There is nothing wrong with a child sleeping with their parents. I did, and all 6 of my kids have as well. 

However, things like cosleeping, bathing together, etc are a mutual choice. Once the child wants their own space it needs to be given to them. Why is your wife forcing a child to share a bed with her? 

Bedsharing does not have to stop intimacy. All of my kids have slept in our bed, some for years longer than your daughter. I still ended up with 6 kids. Bedsharing isn’t the problem, your wife just doesn't want to have sex with you.


----------



## Personal (Jan 16, 2014)

SuperPig said:


> this in turn has lead to numerous arguments and our sex life has been non existent for a good few years now.
> 
> i really want to just leave the marriage but my daughter is so young. Any advice please


That you didn’t stomp on this nonsense from the beginning has done you no favours.

That said although I cannot fathom why anyone with a sex drive would suck up no sex for any number of years, let alone even several weeks. There’s nothing stopping you telling your wife today, that you’re done with being in a sexless marriage.

So she can either wake the **** up, and figure out how to start sharing a sex life with her husband, or you will give her the divorce she deserves.

Likewise if she has no desire to share sex with you, you ought to feel free to get out there right now, and find others who are willing.

That said, why on earth would you settle for years without any sex in a nominally sexual relationship?

Do you even have a sex drive at all?


----------



## Trident (May 23, 2018)

happyhusband0005 said:


> Tell your wife you considering leaving the marriage


Don't threaten divorce unless you're willing to see it through.


----------



## happyhusband0005 (May 4, 2018)

Trident said:


> Don't threaten divorce unless you're willing to see it through.


True that is important. Should have made that point.


----------



## Evinrude58 (Jun 16, 2014)

Your wife has your daughter in the bed with her just to avoid sex with you. Or am I wrong? Are you and your wife having regular sex?

your desire to leave the marriage is the right move. I think all you were is a sperm donor and wallet to her, but I could be wrong. More details needed.


----------



## Personal (Jan 16, 2014)

@Evinrude58, the OP wrote that his sex life has been non-existent for years.


----------



## 342693 (Mar 2, 2020)

Children should NEVER sleep in the martial bed. It will kill the marriage and hurt the child’s dependency growth.

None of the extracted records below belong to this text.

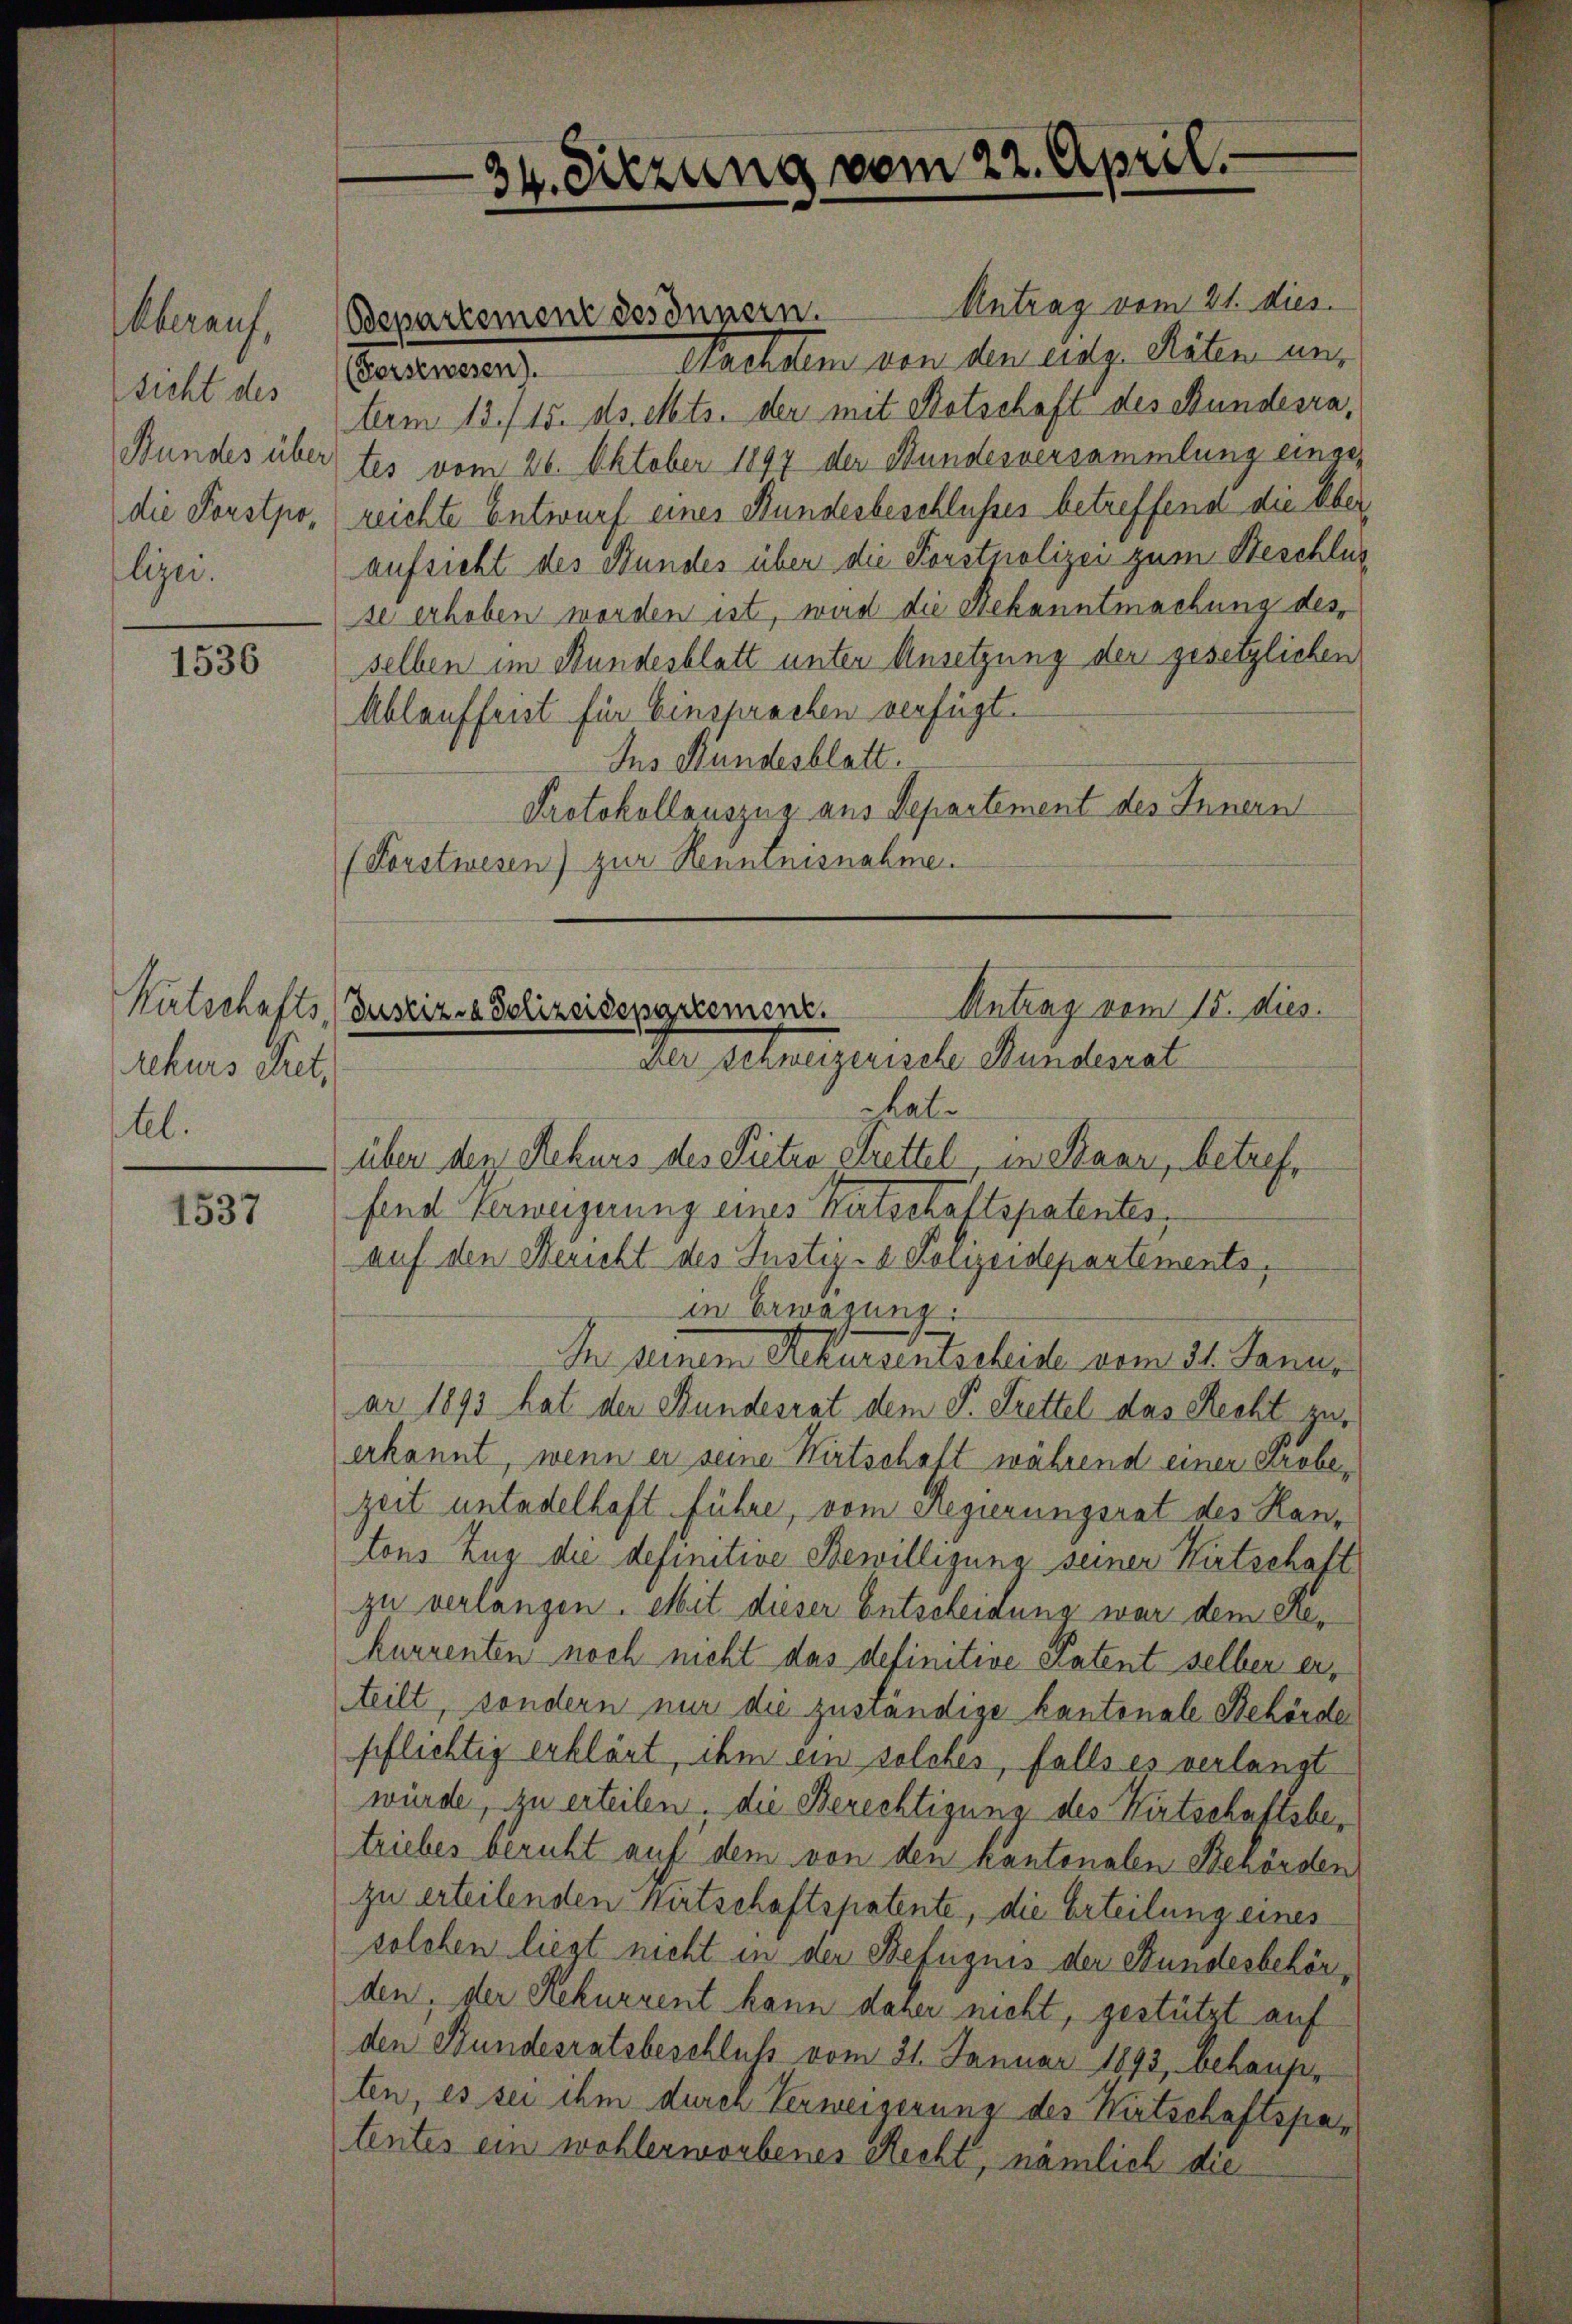
Cherauf,
sicht des
die Forstpofliger.

1536

Kutschafts,
Rekurs Pret,
tl.

1537

Bepartemenz des Innern. Antrag vom 21. dies
Fordenten tretten von den anz. Ritten an,
term 13./15. ds. Mts. der mit Botschaft des Bundesra¬
Bundes über tes vom 26. Oktober 1897 der Stundesversammlung eingereichte Entwurf eines Bundesbeschlusses betreffend die Überaufsicht des Bundes über die Forstpolizei zum Beschlus
se erhoben worden ist, wird die Bekanntmachung desselben im Stundesblatt unter Ansetzung der gesetzlichen
Ablauffrist für Einsprachen verfügt.
Ins Stundesblatt.
Protokollauszug aus Departement des Innern
(Forstwesen) zur Kenntnisnahme.

34. Sitzung vom 22. April.

Antrag vom 15. dies.
Justiz- & Polizeidepgriement.
Der Schweizerische Bundesrat

hate
über der Rekurs des Pieten Füttel, in Saar, betreffend Verweigerung eines Kutschaftspatentes,
auf den Bericht des Justiz- & Polizeidepartements,
in Erwägung.
In seinem Rekursenischeide vom 31. Janus
ar 1893 hat der Bundesrat dem P. Frettel das Recht zuerkannt, wenn er seine Wirtschaft während einer Probezeit untadelhaft führe, vom Regierungsrat des Hantons Zug die definitive Bewilligung seiner Wirtschaft
zu verlangen. Mit dieser Entscheidung war dem Rekurrenten noch nicht das definitive Patent selber erteilt, sondern nur die zuständige kantonale Behörde
pflichtig erklärt, ihm ein solches, falls es verlangt
würde, zu erteilen, die Berechtigung des Wirtschaftsbetriebes beruht auf dem von den kantonalen Behörden
zu erteilenden Wirtschaftspatente, die Erteilung eines
solchen liegt nicht in der Befugnis der Stundesbehörden, der Rekurrent kann daher nicht, gestützt auf
den Bundesratsbeschluß vom 21. Januar 1893, behaupten, es sei ihm durch Verweigerung des Wirtschaftspatentes ein wohlerworbenes Recht, nämlich die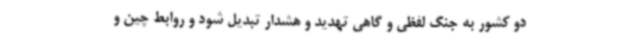
دو کشور به جنگ لفظی و گاهی تهدید و هشدار تبدیل شود و روابط چین و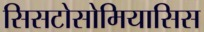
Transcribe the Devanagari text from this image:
सिसटोसोमियासिस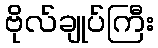
ဗိုလ်ချုပ်ကြီး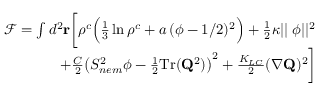
\begin{array} { r } { \mathcal { F } = \int d ^ { 2 } \mathbf { r } \bigg [ \rho ^ { c } \Big ( \frac { 1 } { 3 } \ln \rho ^ { c } + a \, ( \phi - 1 / 2 ) ^ { 2 } \Big ) + \frac { 1 } { 2 } \kappa | | \mathbf { \nabla } \phi | | ^ { 2 } } \\ { + \frac { C } { 2 } \big ( S _ { n e m } ^ { 2 } \phi - \frac { 1 } { 2 } \mathrm { T r } ( \mathbf { Q } ^ { 2 } ) \big ) ^ { 2 } + \frac { K _ { L C } } { 2 } ( \nabla \mathbf { Q } ) ^ { 2 } \bigg ] } \end{array}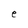
Character: e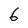
Character: 6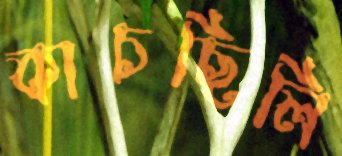
কাচছিলি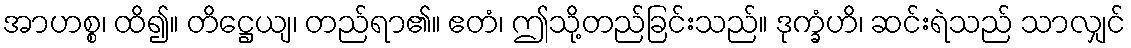
အာဟစ္စ၊ ထိ၍။ တိဋ္ဌေယျ၊ တည်ရာ၏။ ဧတံ၊ ဤသို့တည်ခြင်းသည်။ ဒုက္ခံဟိ၊ ဆင်းရဲသည် သာလျှင်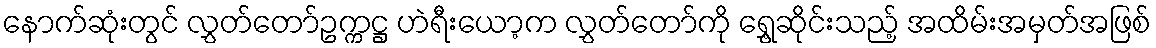
နောက်ဆုံးတွင် လွှတ်တော်ဥက္ကဋ္ဌ ဟဲရီးယော့က လွှတ်တော်ကို ရွှေ့ဆိုင်းသည့် အထိမ်းအမှတ်အဖြစ်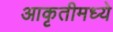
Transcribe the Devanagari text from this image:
आकृतीमध्ये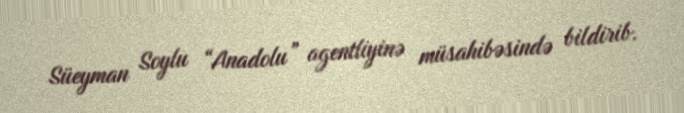
Süeyman Soylu “Anadolu” agentliyinə müsahibəsində bildirib.
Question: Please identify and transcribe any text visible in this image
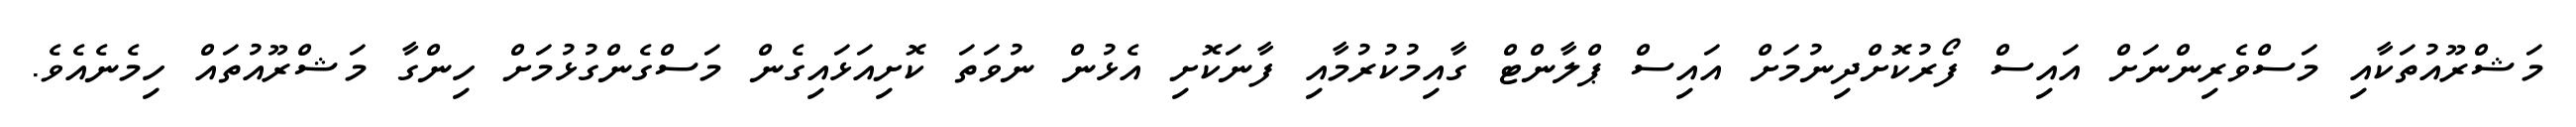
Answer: މަޝްރޫއުތަކާއި މަސްވެރިންނަށް އައިސް ފޯރުކޮށްދިނުމަށް އައިސް ޕްލާންޓް ގާއިމުކުރުމާއި ފާނަކޮށި އެޅުން ނުވަތަ ކޮށިއަޅައިގެން މަސްގެންގުޅުމަށް ހިންގާ މަޝްރޫއުތައް ހިމެނެއެވެ.

it’s like smoking..once you start, it’s almost impossible to stop. Baffles my mind why any parent would do it.

Of course, your wife may be passive aggressive and doing it so she doesn’t have to have sex with you.


----------



## hamadryad (Aug 30, 2020)

I think she is using the child as a c0ck block. I could see if the kid had a nightmare or maybe not feeling well she could sleep for that night or whatever but for a regular thing,? Nope. And it is unhealthy in my opinion.

I think this is going to be a mountain to climb, buddy. I know its hard with a young child to divorce, but she can't control this nor can you allow it. Do what you gotta do.


----------



## RebuildingMe (Aug 18, 2019)

Is your wife still breastfeeding also? How have you allowed this for four years? Guarantee the next time she has sex with you is because she’s looking for child number two.


----------



## DudeInProgress (Jun 10, 2019)

SuperPig said:


> this is my first post on here so go easy on me!
> 
> my wife and I have been married for 7 years now and we have a 4 year old child. She insisted on her sleeping with us at a very young age; 8 months old. At first I was okay with it, we lived in a small apartment so it all made sense. But 2.5 years ago we moved to a 3 bedroom house in the country and she still keeps her in the bed even though she wants to sleep in her own room. I instead have to sleep in my daughters bed. i recently booked us a break away and I requested the hotel To have a separate child bed and she still insisted sleeping with our daughter. I told her I wish I’d had the discussion with her before we were married whether she would cosleep with our children as I said it wasn’t normal for a married couple to have no Intamacy
> 
> ...


As others have said, the co-sleeping (though sub-optimal at this point) is not the primary issue. 
The primary issue is that your will doesn’t want to have sex with you. Which means she isn’t sexually attracted to you and doesn’t desire you.

The question is why?

As well as why have you tolerated a sexless marriage for years?


----------



## TRy (Sep 14, 2011)

SuperPig said:


> my wife and I have been married for 7 years now and we have a 4 year old child. She insisted on her sleeping with us at a very young age; 8 months old.
> 
> But 2.5 years ago we moved to a 3 bedroom house in the country and she still keeps her in the bed even though she wants to sleep in her own room.
> this in turn has lead to numerous arguments and our sex life has been non existent for a good few years now.
> ...


You want your daughter to sleep in her own room, and your daughter wants to sleep in her own room. The only one that wants your daughter to sleep in your bed in your room is your wife. One night soon, take your daughter at bed time by the hand and put her in bed in your daughter’s own room. Read your daughter a bedtime story and then turn off the lights and leave your daughter to sleep in her own bed. Stand guard at your daughter’s door and tell your wife to stop being selfish and let your daughter sleep.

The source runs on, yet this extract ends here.